SSO Bargaining Update

Our bargaining team met with SSO during the week of May 1. The team started the week in caucus, where we had planned to review SSO’s proposals, but unfortunately the documents provided by our employer contained many errors and lacked clarity. This made it impossible for us to do our work of analyzing their proposals.

Tuesday, we were pleased to meet all members of the employer’s bargaining team. We communicated the problems with their proposals and the lack of professionalism this demonstrated. In response they requested the rest of the day to review their proposals, but first, SSO’s Director General Geoff Bowlby presented us with an overview of SSO operations.

Employer proposes concessions

The rest of the week, we heard from our employer about the changes proposed during this round of negotiations. The union is concerned about some of these proposals. SSO wants to restrict union leave and the participation of union representatives in solving problems in the workplace. SSO has proposed eliminating the requirement for management to provide operational justification when denying leave requests, a right we won in the last arbitration. There are also proposals to limit protections against harassment and discrimination, maternity-related job modification and leave, bereavement leave and family related leave. We have been clear with the employer that we will not negotiate concessions. We are at the table to negotiate improvements for our members.

Status as federal public servants

We need to tell you we encountered a serious underlying problem in meetings with our employer this week. During the last round of bargaining, our arbitral awards clearly stated that SSO employees are federal public servants, but throughout the week our employer repeatedly said that it does not acknowledge our status as public servants. The employer uses this argument to deny us working conditions comparable to other public servants, including those we work alongside at Statistics Canada.

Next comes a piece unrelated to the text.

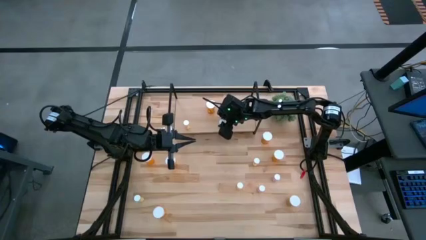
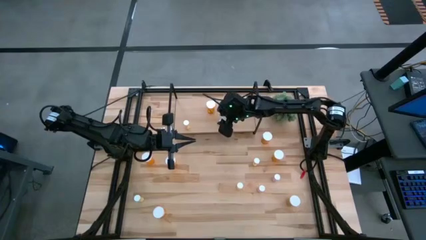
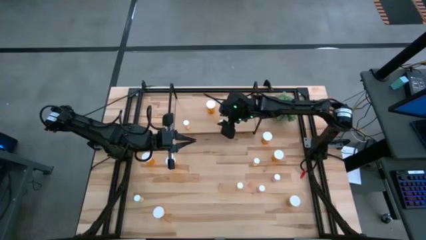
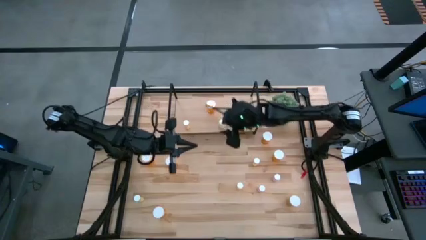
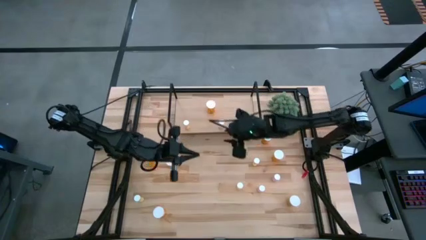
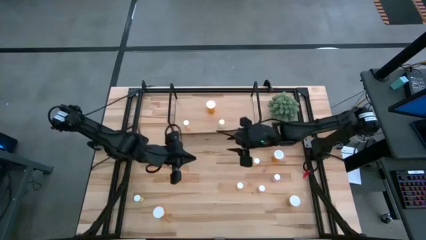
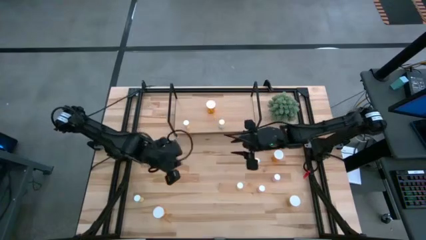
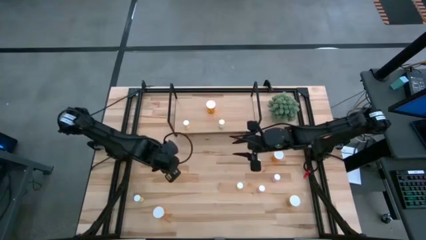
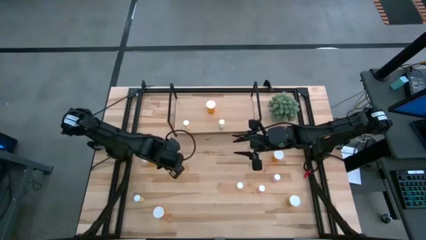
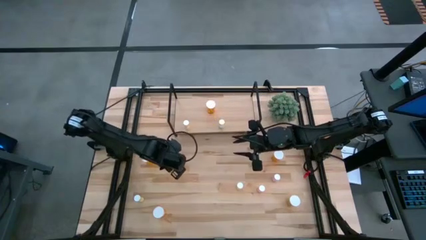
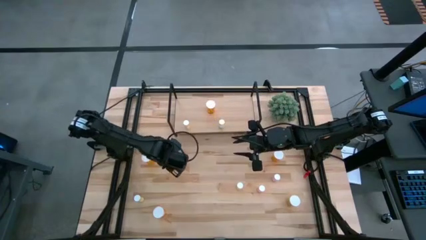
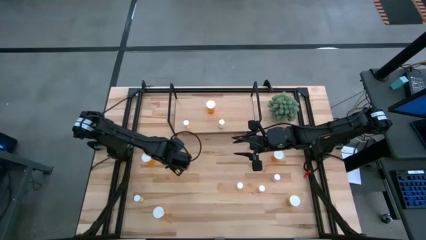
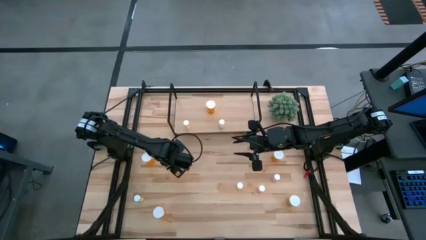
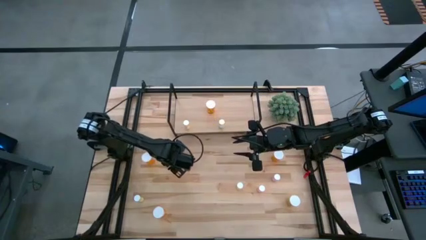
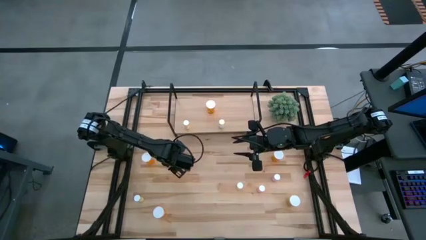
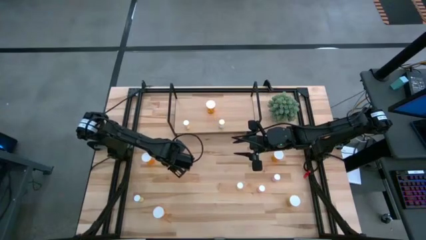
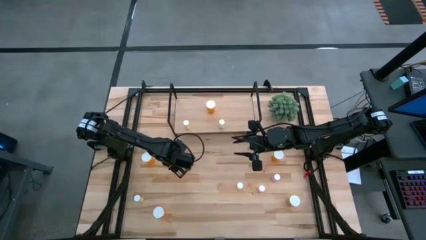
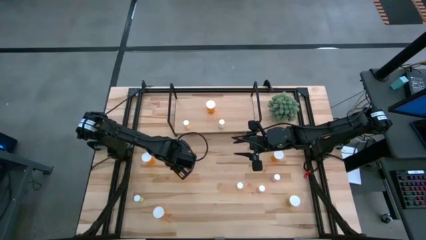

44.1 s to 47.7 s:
Put the large orange pill bottle on the shelf aligned with the other large orange pill bottle

Your local representatives will be contacting you soon about participating in our union’s activities to make it clear to SSO that we will not stand for this.


One Comment:

  1. We are able to meet assignment targets in part because our clients believe we are federal public Servants.
    If we are not federal public servants, our employer should instruct in black and white how to answer when our client questions.
    In order to protect the image of Statistics Canada and as professionals, we should not deceive our clients. Our employer should openly inform the fact to our clients before we start the interviews so that they could clearly understand who we are before surrendering their privacy.
    Our employer should be able to judge from the resulting response rates to determine if we should be regarded as federal public servants or not. They can also choose to adjust our production targets.